**ABOUT THIS TASK**
Transcribe all of the data exactly. Images stay out.

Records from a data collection
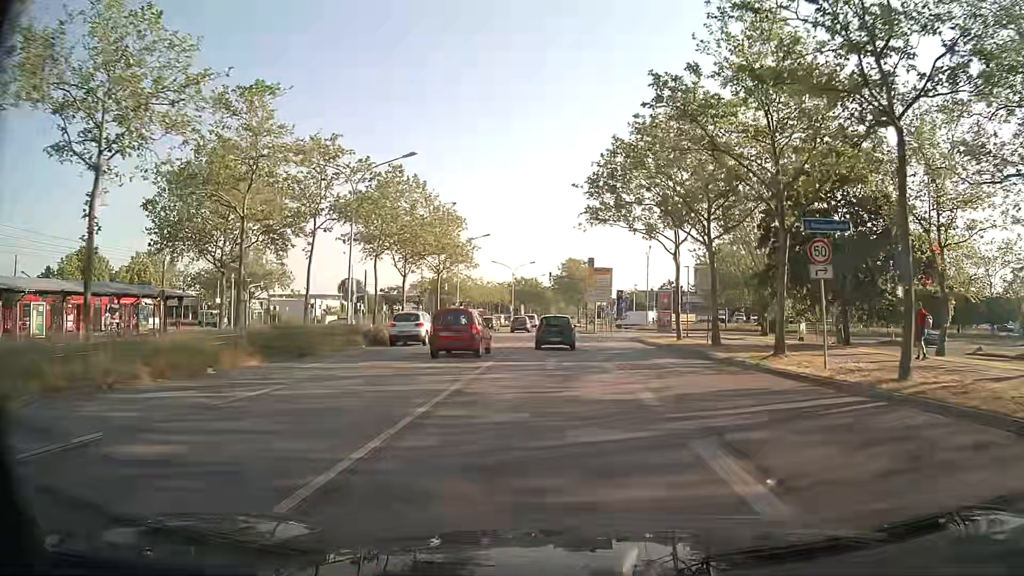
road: primary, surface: asphalt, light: Day
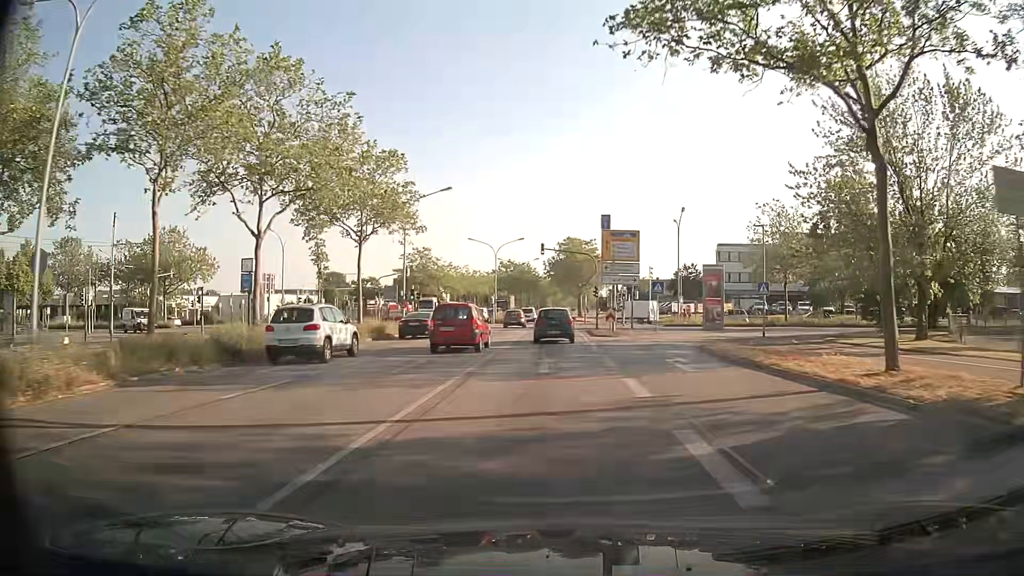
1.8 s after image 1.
(+0.2, +23.6) m; +1°
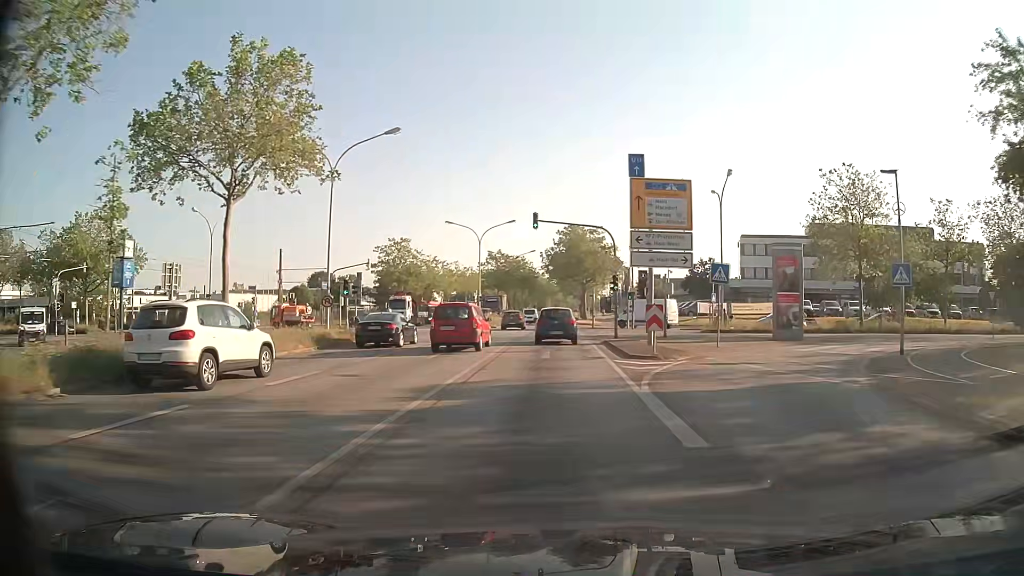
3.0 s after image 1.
(0.0, +16.0) m; 0°
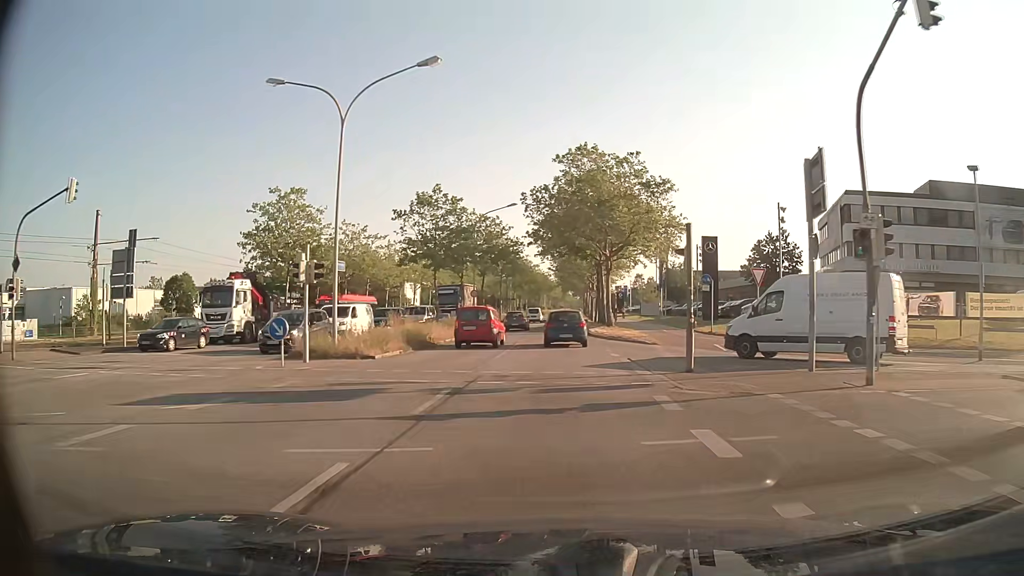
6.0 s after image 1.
(-0.3, +40.6) m; 0°
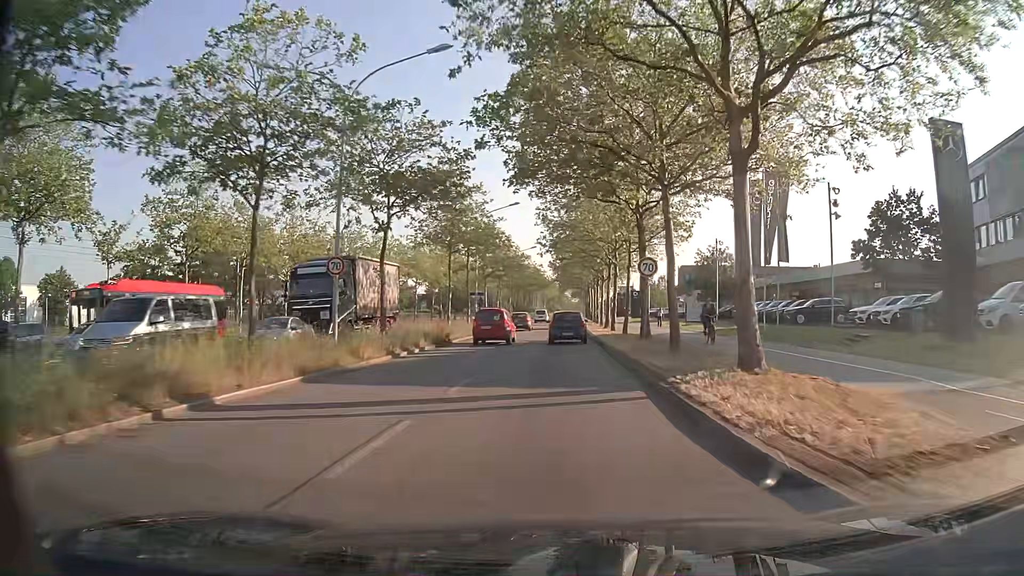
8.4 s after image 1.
(+0.1, +32.9) m; 0°
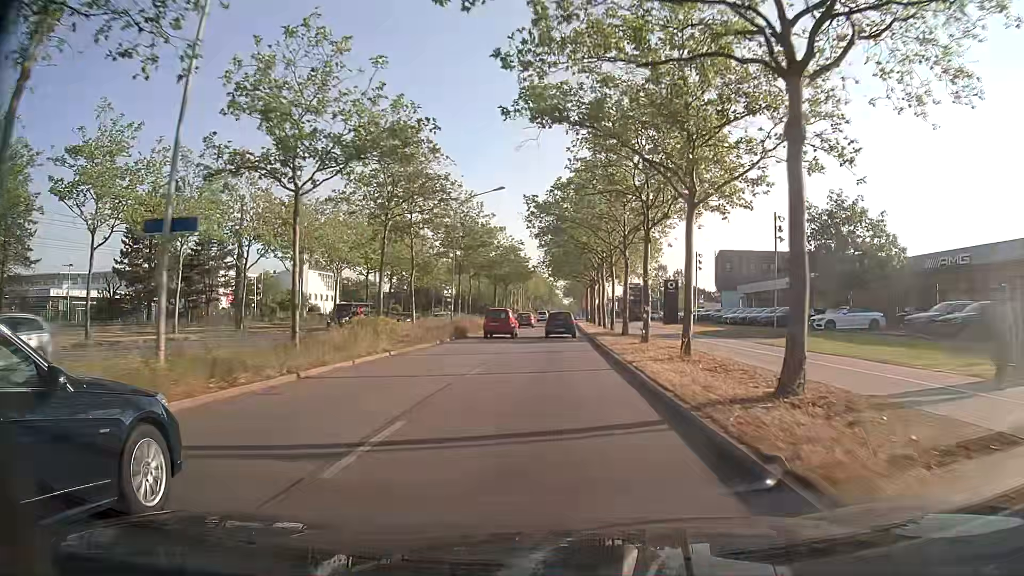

**ANSWER BELOW**
road: primary, surface: asphalt, light: Day
1.8 s after image 1.
(+0.2, +23.6) m; +1°
3.0 s after image 1.
(0.0, +16.0) m; 0°
6.0 s after image 1.
(-0.3, +40.6) m; 0°
8.4 s after image 1.
(+0.1, +32.9) m; 0°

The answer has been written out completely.